● ASSIGNMENT: Line by line, return the listing exactly, without any of the images.
═════ RECORDS PROVIDED
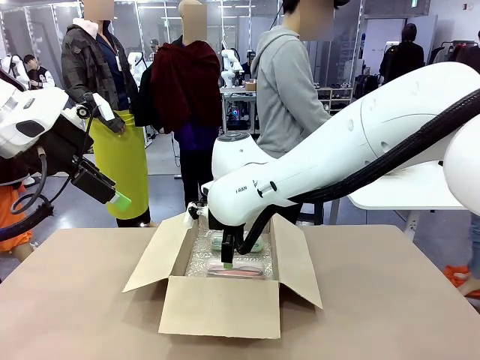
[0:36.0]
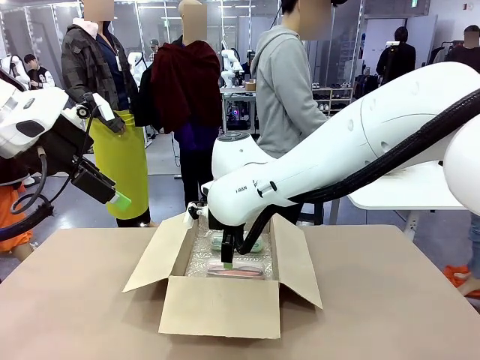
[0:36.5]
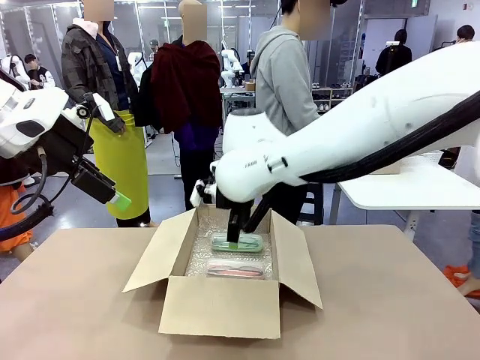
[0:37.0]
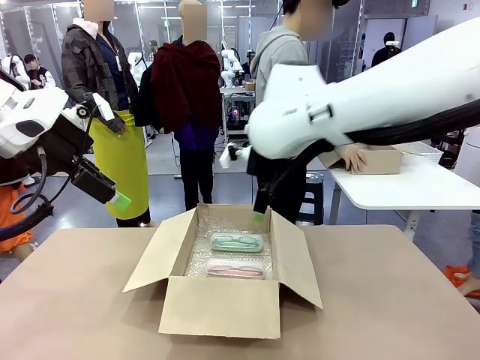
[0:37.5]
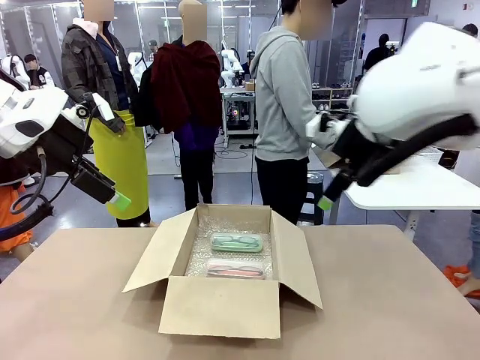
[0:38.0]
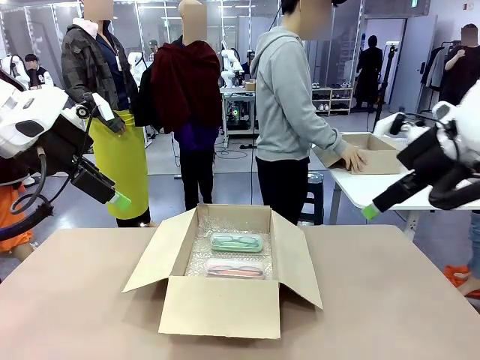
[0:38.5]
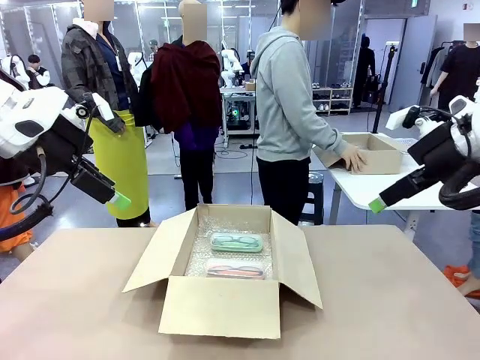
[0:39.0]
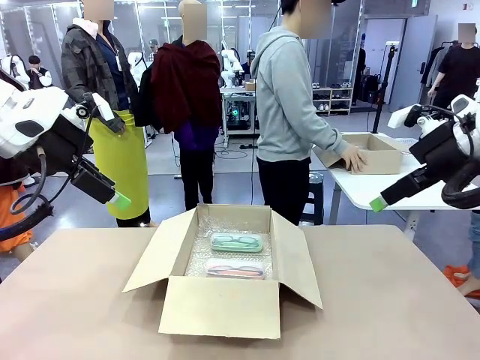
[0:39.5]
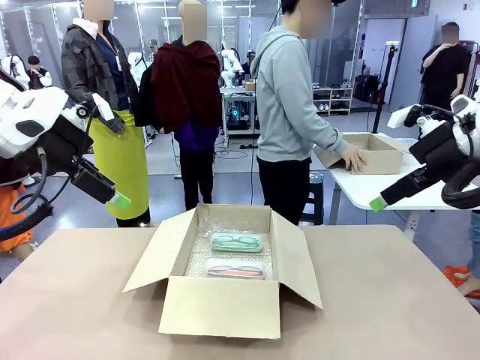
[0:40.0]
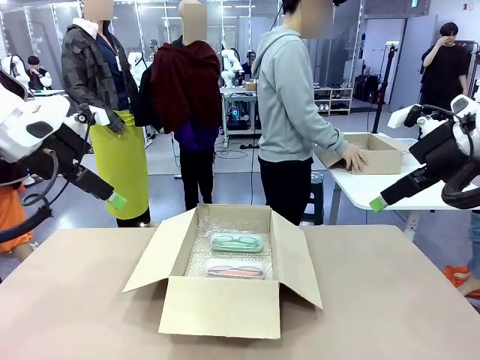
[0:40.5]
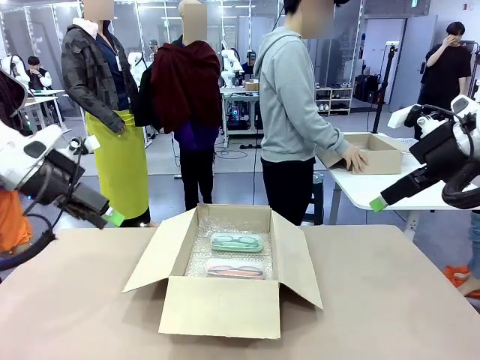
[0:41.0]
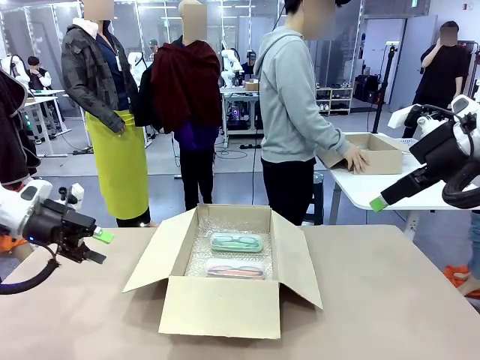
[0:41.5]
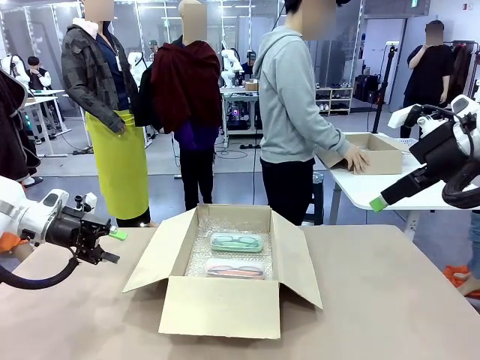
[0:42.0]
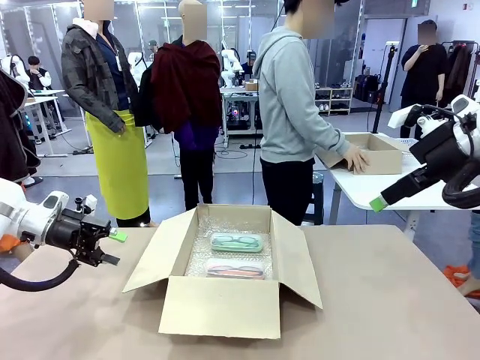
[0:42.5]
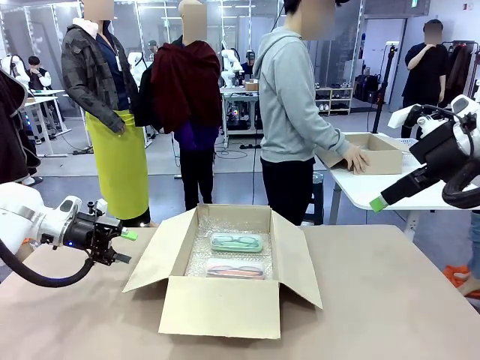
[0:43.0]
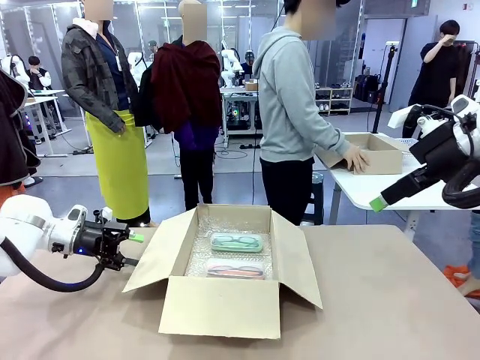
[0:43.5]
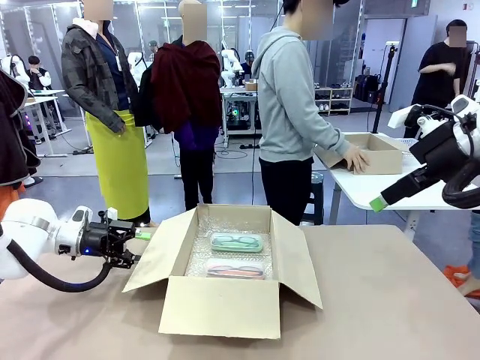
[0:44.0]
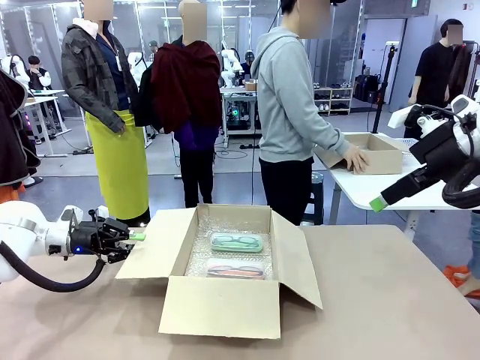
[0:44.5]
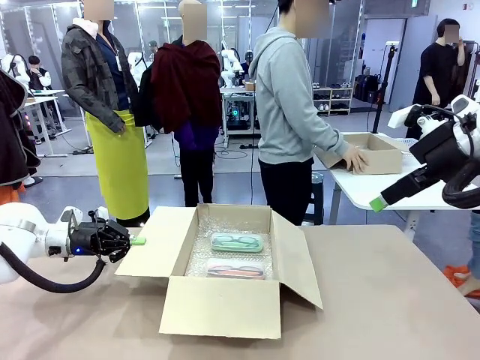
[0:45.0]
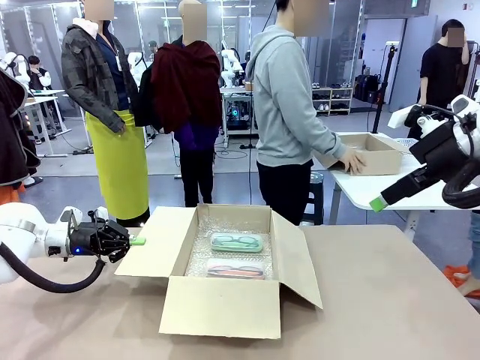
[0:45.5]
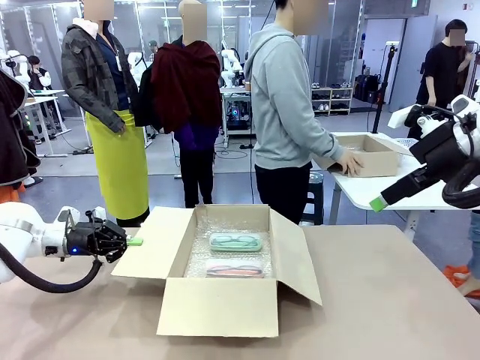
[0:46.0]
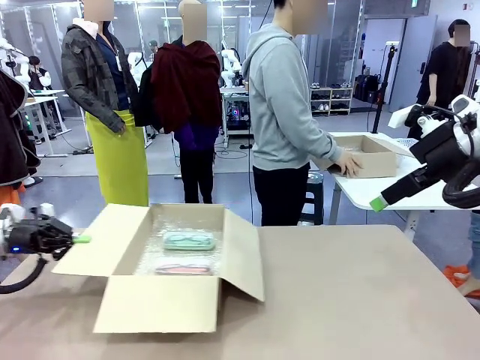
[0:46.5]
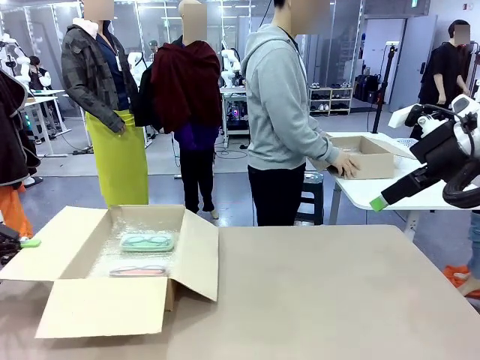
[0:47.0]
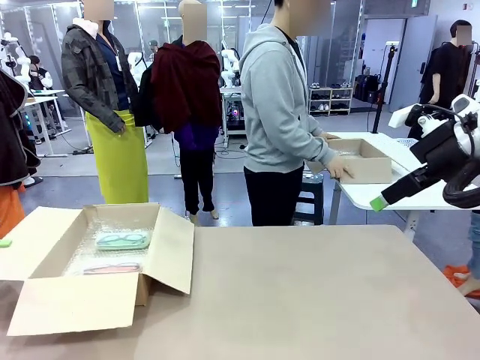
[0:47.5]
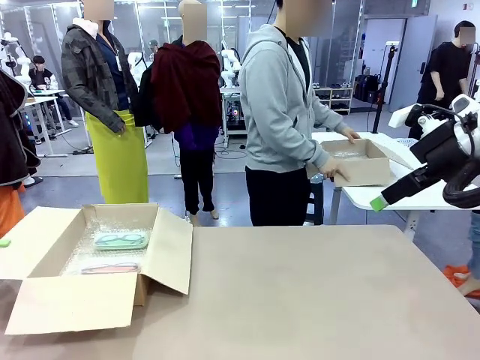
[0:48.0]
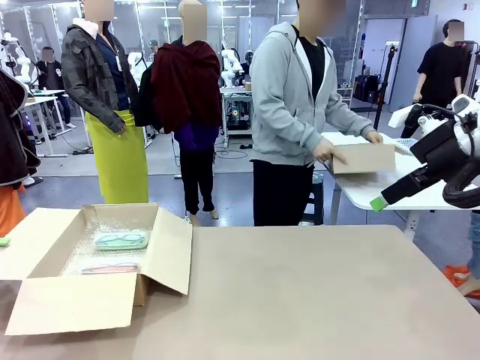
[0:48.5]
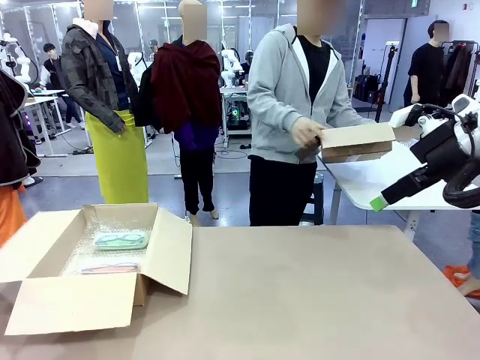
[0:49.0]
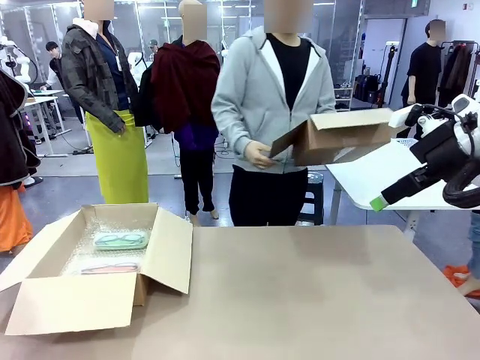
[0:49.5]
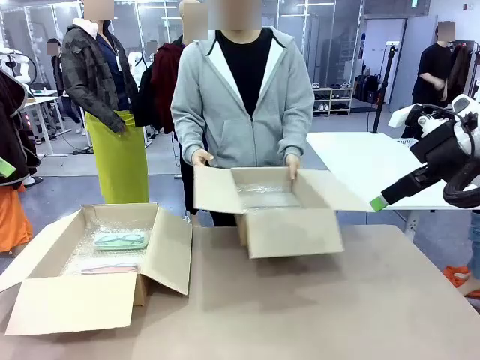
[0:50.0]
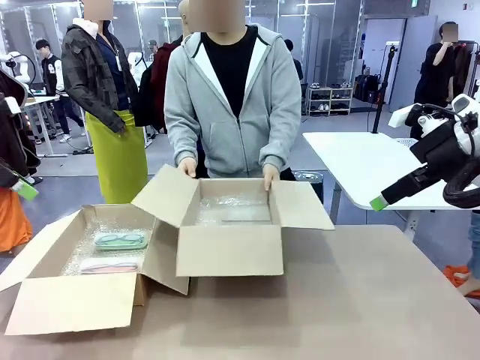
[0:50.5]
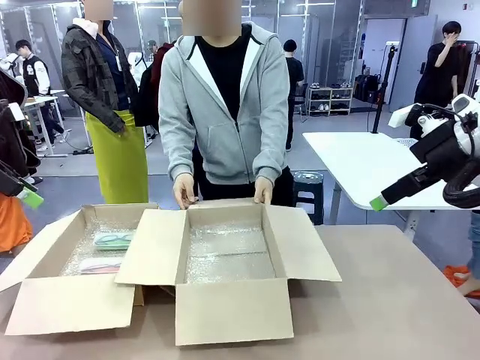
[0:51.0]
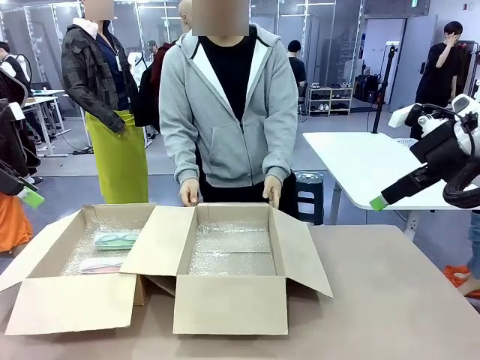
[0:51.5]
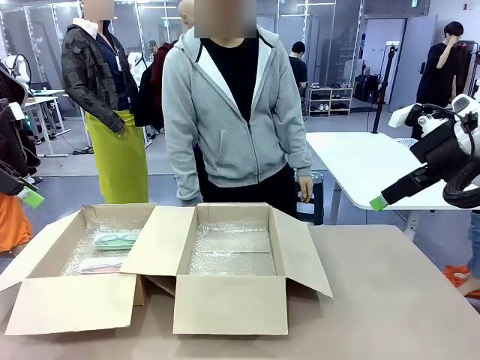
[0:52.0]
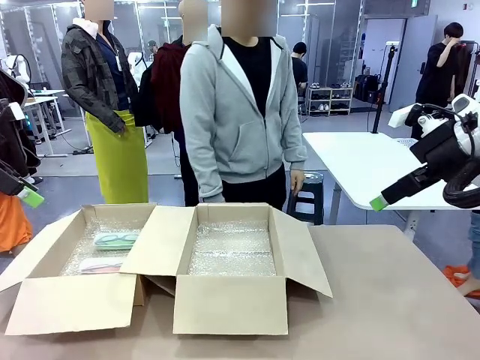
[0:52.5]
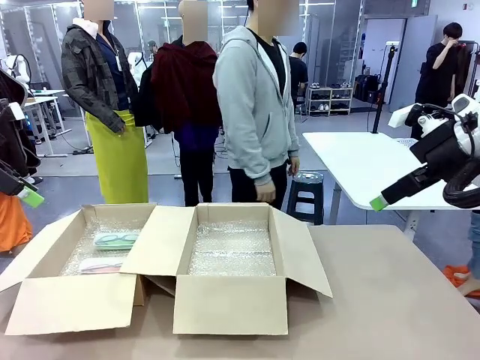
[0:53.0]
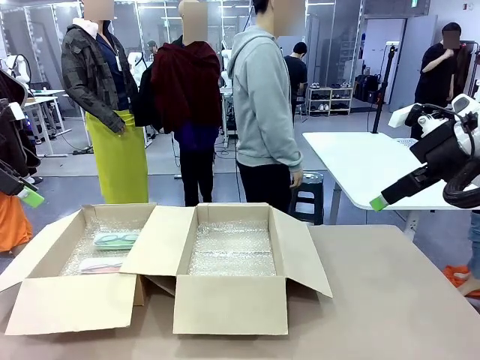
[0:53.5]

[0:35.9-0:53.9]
Task: Pack the glasses set securely to prepare it for shipping.
Robot: Position the Package Box on the left side of the table.
Person: Position the empty Package Box in the middle of the robot's table.
══════════
● ANSWER TO THE PROBLEM:
[0:36.0]
[0:36.5]
[0:37.0]
[0:37.5]
[0:38.0]
[0:38.5]
[0:39.0]
[0:39.5]
[0:40.0]
[0:40.5]
[0:41.0]
[0:41.5]
[0:42.0]
[0:42.5]
[0:43.0]
[0:43.5]
[0:44.0]
[0:44.5]
[0:45.0]
[0:45.5]
[0:46.0]
[0:46.5]
[0:47.0]
[0:47.5]
[0:48.0]
[0:48.5]
[0:49.0]
[0:49.5]
[0:50.0]
[0:50.5]
[0:51.0]
[0:51.5]
[0:52.0]
[0:52.5]
[0:53.0]
[0:53.5]

[0:35.9-0:53.9]
Task: Pack the glasses set securely to prepare it for shipping.
Robot: Position the Package Box on the left side of the table.
Person: Position the empty Package Box in the middle of the robot's table.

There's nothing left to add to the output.